*Assigned task:* A word-for-word copy of all entries is required, without images.
>>>
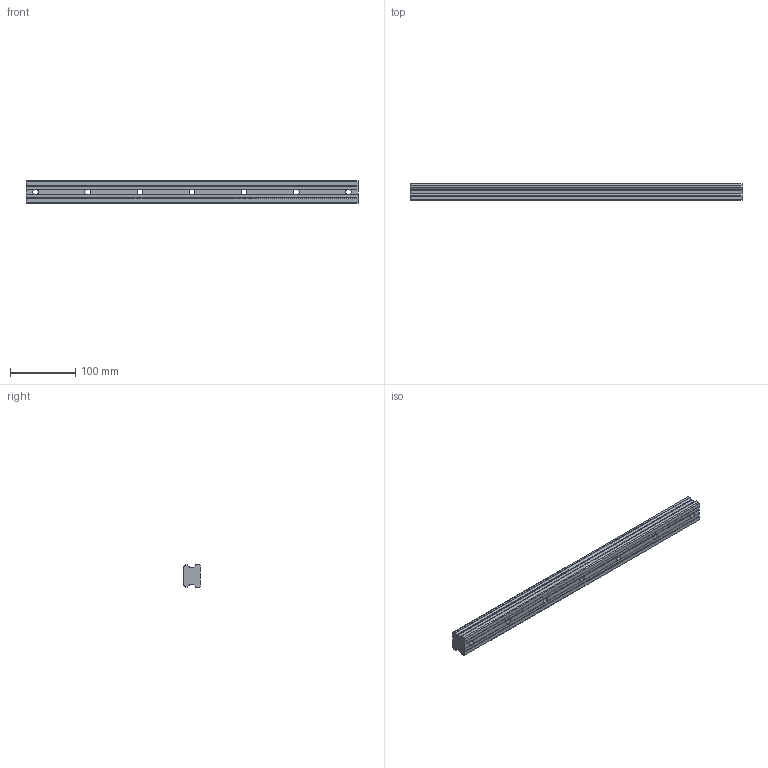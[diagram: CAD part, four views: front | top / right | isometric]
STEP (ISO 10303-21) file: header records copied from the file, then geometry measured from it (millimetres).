
FILE_DESCRIPTION (( 'STEP AP214' ), '1' );
FILE_NAME ('SHS35C1SS-510L_G15_0_B-M6F_194_0_0_0_1.STEP', '2021-06-22T08:23:15', ( '' ), ( '' ), 'SwSTEP 2.0', 'SolidWorks 2021', '' );
FILE_SCHEMA (( 'AUTOMOTIVE_DESIGN' ));
Length unit declared in the file: millimetre
Products named in the file (2): _SHS35C51015 Track; SHS35C1SS-510L_G15_0_B-M6F_194_0_0_0_1
Assembly tree (1 placements, depth 2):
  SHS35C1SS-510L_G15_0_B-M6F_194_0_0_0_1
    _SHS35C51015 Track
Bounding box: 510 x 26 x 34 mm (x, y, z)
Volume: 386569.7 mm3; surface area: 69433.7 mm2
Topology: 1 solids, 1 shells, 118 faces, 348 edges, 232 vertices
Faces by surface type: cylinder 66, plane 52
Entity records: 4162 total; most frequent: CARTESIAN_POINT 926, ORIENTED_EDGE 696, DIRECTION 668, EDGE_CURVE 348, AXIS2_PLACEMENT_3D 254, VERTEX_POINT 232, VECTOR 160, LINE 160
<<<
*Answer space:*
[diagram: CAD part, four views: front | top / right | isometric]
STEP (ISO 10303-21) file: header records copied from the file, then geometry measured from it (millimetres).
FILE_DESCRIPTION (( 'STEP AP214' ), '1' );
FILE_NAME ('SHS35C1SS-510L_G15_0_B-M6F_194_0_0_0_1.STEP', '2021-06-22T08:23:15', ( '' ), ( '' ), 'SwSTEP 2.0', 'SolidWorks 2021', '' );
FILE_SCHEMA (( 'AUTOMOTIVE_DESIGN' ));
Length unit declared in the file: millimetre
Products named in the file (2): _SHS35C51015 Track; SHS35C1SS-510L_G15_0_B-M6F_194_0_0_0_1
Assembly tree (1 placements, depth 2):
  SHS35C1SS-510L_G15_0_B-M6F_194_0_0_0_1
    _SHS35C51015 Track
Bounding box: 510 x 26 x 34 mm (x, y, z)
Volume: 386569.7 mm3; surface area: 69433.7 mm2
Topology: 1 solids, 1 shells, 118 faces, 348 edges, 232 vertices
Faces by surface type: cylinder 66, plane 52
Entity records: 4162 total; most frequent: CARTESIAN_POINT 926, ORIENTED_EDGE 696, DIRECTION 668, EDGE_CURVE 348, AXIS2_PLACEMENT_3D 254, VERTEX_POINT 232, VECTOR 160, LINE 160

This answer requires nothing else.